Few youths have burned brighter than Tiger Woods, nor suffered such blasts of his own rashness. When the most brilliant dozen years in the history of his sport came to a crashing end, he had only himself to blame. That was 2008. Knowledge and prudence were hard-won in the intervening years, while the world began to wonder whether the spirit survived to exert them. Now we know.

A ripened, deeper man wore the trademark red and black for the final round of the Masters golf tournament this year. What Woods accomplished belongs to a realm of talent barred to most of us. But the wisdom that made it possible is available to us all.

It showed itself on the 12th hole, the most famous test on the most famous course in the United States. Its manicured beauty frames a severe test of skill; less obvious is the test of character it applies.

The landscape, set off against dark foliage and pastel blossoms, seduces and gulls even the most experienced eye. A creek runs like a dark mirror between the golfer and the hole. Behind the creek, a low but steep slope leads to the putting green, which is wide but not deep. Much of it is almost invisible, enfolded among bright white sand traps. But there is a lovely patch of perfect green to the right of the sand as the golfer faces the hole, and that's where the cup is sunk for the final round each year.

For professionals accustomed to smashing golf balls almost beyond the range of sight, the little shot to that perfect green patch tantalizes, almost as if a big fellow could reach out and simply drop the ball beside the hole. The green oasis beside those gardens of sand beckons like a picnic blanket spread out on the beach.

At 43, Woods is old in golf years. The rash power of his youthful swing has taken its toll through four back surgeries. So when he stepped into the tableau of the 12th hole on Sunday, his dream of winning another major title seemed just beyond his grasp. Having started the day two shots behind the leader, he was still two shots back with 11 holes finished. Only seven more to go.

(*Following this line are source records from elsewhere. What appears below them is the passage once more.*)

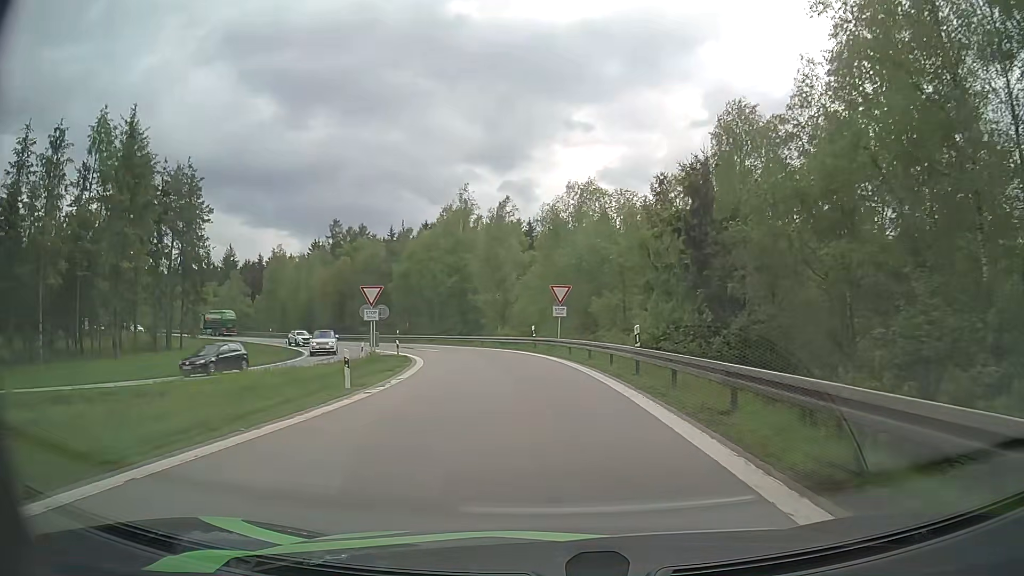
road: motorway_link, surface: asphalt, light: Day
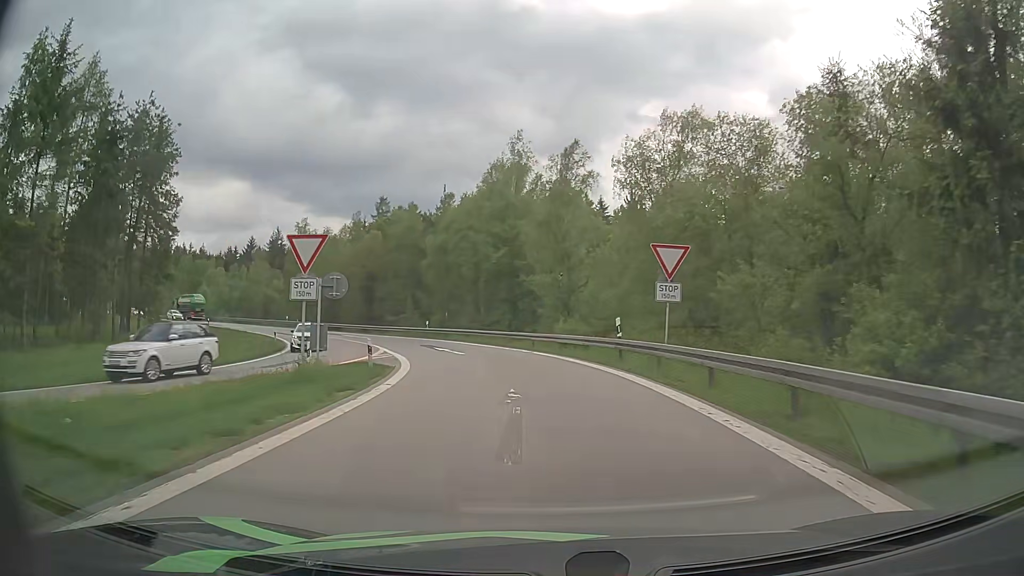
(-0.8, +16.7) m; -6°
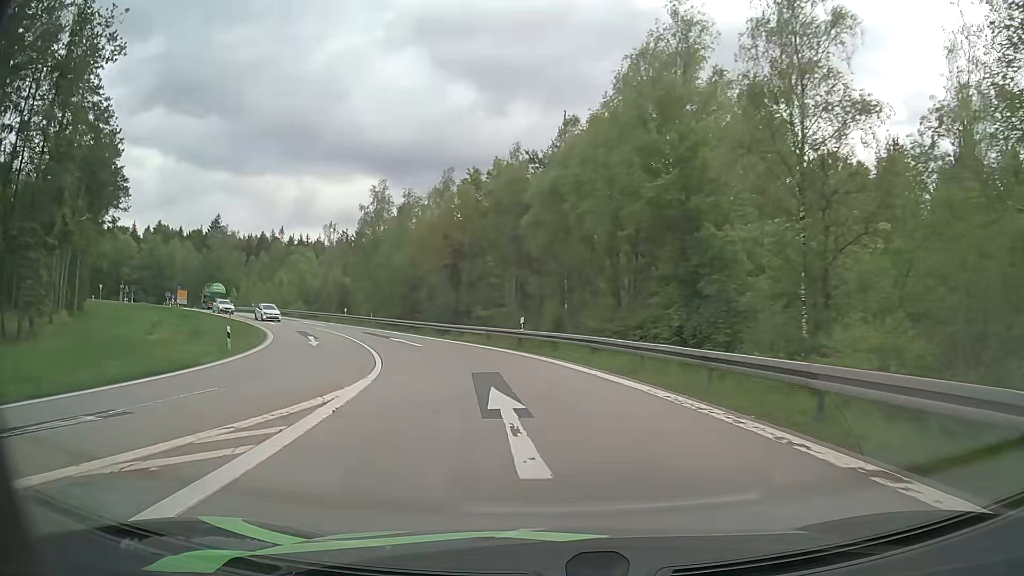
(-2.2, +23.8) m; -11°
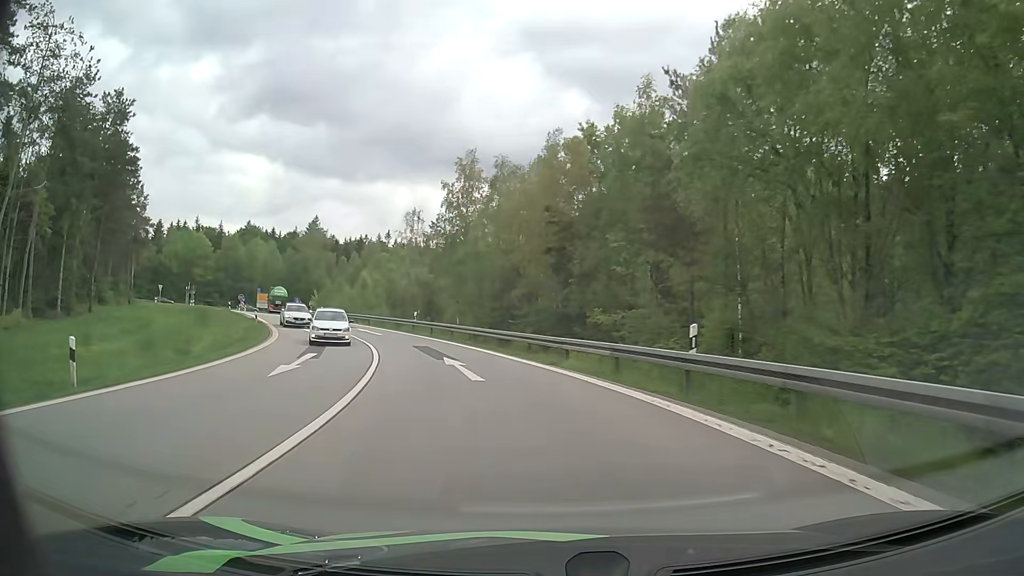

If ever a moment cried out for heroics, surely this was it. Take aim at that seductive patch of grass. Give one whoosh of the club. Gamble on the sequence of motions habituated by a lifetime of practice. Throw caution to the lightly swirling winds above the Georgia pines. Stick the ball so close to the hole that the soft thud of impact shakes up the entire contest. Such feats of the young Tiger fill a dozen highlight reels.

But that's not what he did.

Half the men in the hunt for the title tried it. Francesco Molinari, Tony Finau, Brooks Koepka and Ian Poulter each drew a daring bead on that little patch of grass, and each fell short, ending up in the water. Woods played conservatively, knowledgeably, prudently, taking aim at the big white beach and landing his ball safely on the green between the traps. Two putts later, he walked away with a share of the lead and a clear path of victory - his 15th in a major championship, his first as a man in full.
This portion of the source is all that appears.